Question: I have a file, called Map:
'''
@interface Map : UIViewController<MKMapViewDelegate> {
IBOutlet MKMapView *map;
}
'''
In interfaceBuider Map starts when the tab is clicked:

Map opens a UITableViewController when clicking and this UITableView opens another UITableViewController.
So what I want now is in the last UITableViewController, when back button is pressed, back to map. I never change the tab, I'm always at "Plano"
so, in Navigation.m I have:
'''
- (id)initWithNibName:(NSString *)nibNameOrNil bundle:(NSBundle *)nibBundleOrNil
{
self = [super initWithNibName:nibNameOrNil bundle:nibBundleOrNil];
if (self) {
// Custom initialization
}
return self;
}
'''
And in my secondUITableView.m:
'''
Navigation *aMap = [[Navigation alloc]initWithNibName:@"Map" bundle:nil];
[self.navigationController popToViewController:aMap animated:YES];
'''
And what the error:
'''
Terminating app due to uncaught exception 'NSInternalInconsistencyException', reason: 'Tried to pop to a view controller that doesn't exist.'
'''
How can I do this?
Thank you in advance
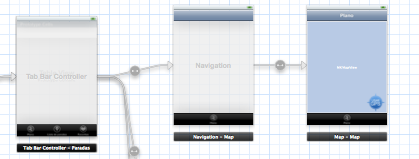
Answer: :
For back - root
'''
[self.navigationController popToRootViewControllerAnimated:YES];
'''
For back
'''
[self.navigationController popViewControllerAnimated:YES];
'''
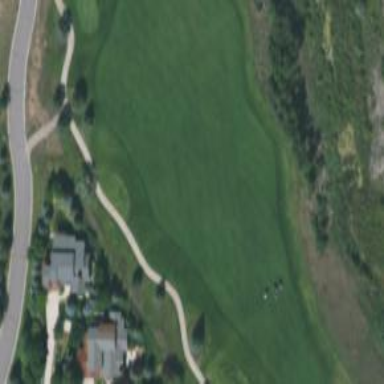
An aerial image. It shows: View of golf hole.
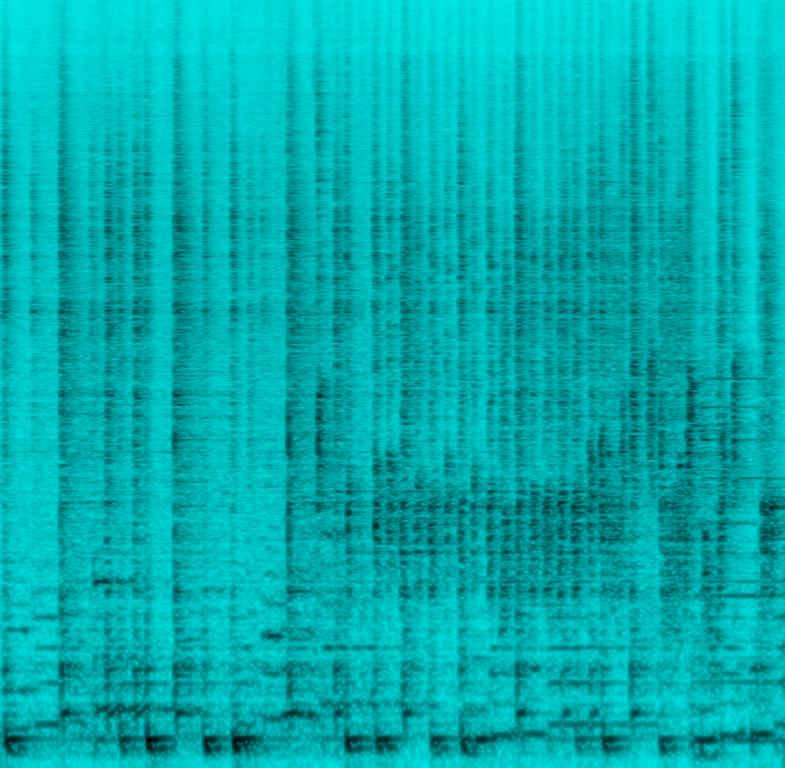
This is a live recording of a DJ doing deck scratching on a hip hop song.
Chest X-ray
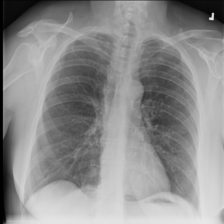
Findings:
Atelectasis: negative
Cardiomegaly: negative
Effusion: negative
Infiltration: negative
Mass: negative
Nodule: negative
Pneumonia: negative
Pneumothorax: negative
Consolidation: negative
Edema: negative
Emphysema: negative
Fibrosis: negative
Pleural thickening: negative
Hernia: negative
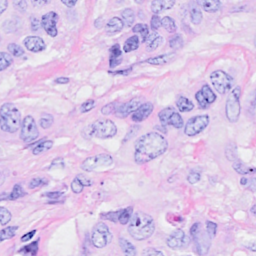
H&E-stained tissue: Breast
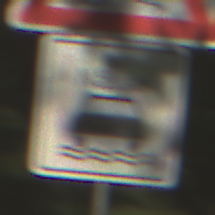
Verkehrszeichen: BeiNaesse
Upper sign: SchleuderOderRutschgefahr
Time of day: MorningAfternoon
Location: Outdoor (Nature)
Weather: Clear
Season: NotSpecified
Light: Natural
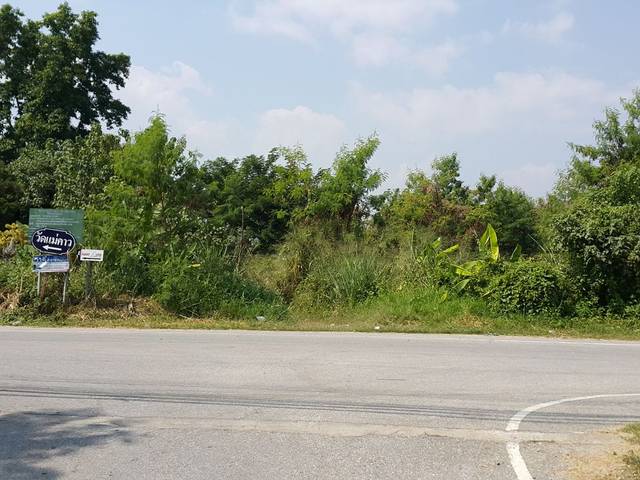
Region: Thailand
Coordinates: 18.807, 99.027
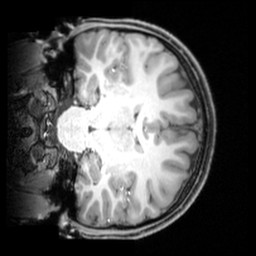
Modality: T1w
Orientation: coronal
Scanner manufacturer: siemens
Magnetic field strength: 3 T
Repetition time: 1.9 s
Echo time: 0.00397 s
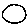
Label: circle
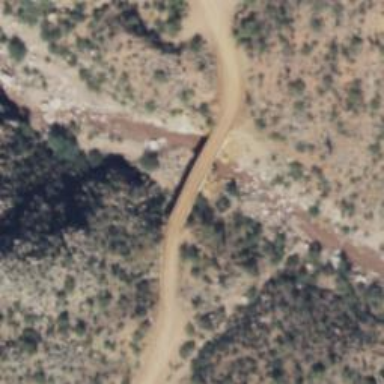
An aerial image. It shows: Secondary road bridge with grade 1 tracktype.
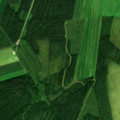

Your task >> In the records, the line containing "An aerial image. It shows: View of golf hole." starts the span and the final line ends it. Output exactly that span, both ends included, with no pictures and nothing else.

Result for this exercise >>
An aerial image. It shows: View of golf hole.
This is a live recording of a DJ doing deck scratching on a hip hop song.
Chest X-ray
Findings:
Atelectasis: negative
Cardiomegaly: negative
Effusion: negative
Infiltration: negative
Mass: negative
Nodule: negative
Pneumonia: negative
Pneumothorax: negative
Consolidation: negative
Edema: negative
Emphysema: negative
Fibrosis: negative
Pleural thickening: negative
Hernia: negative
H&E-stained tissue: Breast
Verkehrszeichen: BeiNaesse
Upper sign: SchleuderOderRutschgefahr
Time of day: MorningAfternoon
Location: Outdoor (Nature)
Weather: Clear
Season: NotSpecified
Light: Natural
Region: Thailand
Coordinates: 18.807, 99.027
Modality: T1w
Orientation: coronal
Scanner manufacturer: siemens
Magnetic field strength: 3 T
Repetition time: 1.9 s
Echo time: 0.00397 s
Label: circle
An aerial image. It shows: Secondary road bridge with grade 1 tracktype.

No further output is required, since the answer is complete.